Patience wearing thin in U.S.-China trade war

Leaders of American commodity groups such as wheat, soy and corn are lobbying hard that agriculture needs certainty, not more tariffs. Yet, more tariffs were announced.

 

United States ratcheted up tariffs from 10 per cent to 25 per cent on $200B worth of Chinese goods on May 10. China responded on May 13 by announcing five to 25 per cent tariffs on a range of goods effective June 1. According to Reuters newswire service, that list includes frozen vegetables.

 

"We have heard and believed the President when he says he supports farmers, but we'd like the President to hear us and believe what we are saying about the real-life consequences to our farms and families as this trade war drags on," said Davie Stephens, soy grower from Clinton, Kentucky, and American Soybean Association president in a report from Agri-Marketing Magazine’s newsletter. 

 

"Adding to current problems, it took us more than 40 years to develop the China soy market.
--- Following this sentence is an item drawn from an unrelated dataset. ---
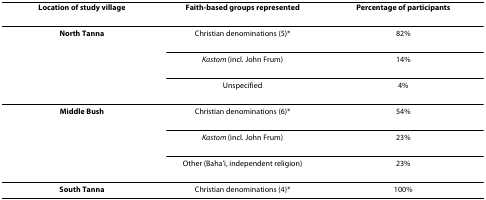
<table><thead><tr><td><b>Location of study village</b></td><td><b>Faith-based groups represented</b></td><td><b>Percentage of participants</b></td></tr></thead><tbody><tr><td><b>North Tanna</b></td><td>Christian denominations (5)*</td><td>82%</td></tr><tr><td></td><td><i>Kastom </i>(incl. John Frum)</td><td>14%</td></tr><tr><td></td><td>Unspecified</td><td>4%</td></tr><tr><td><b>Middle Bush</b></td><td>Christian denominations (6)*</td><td>54%</td></tr><tr><td></td><td><i>Kastom </i>(incl. John Frum)</td><td>23%</td></tr><tr><td></td><td>Other (Baha&#x27;i, independent religion)</td><td>23%</td></tr><tr><td><b>South Tanna</b></td><td>Christian denominations (4)*</td><td>100%</td></tr></tbody></table>

For most of us in farming, that is two-thirds of our lives. If we don't get this trade deal sorted out and the tariffs rescinded soon, those of us who worked to build this market likely won't see it recover in our lifetime." 

 

American vice-president Mike Pence told Minnesota farmers on May 9 that the White House is considering additional farm aid to compensate for income lost for the trade war with China. This would be a second round after last year’s $18 billion US farm aid.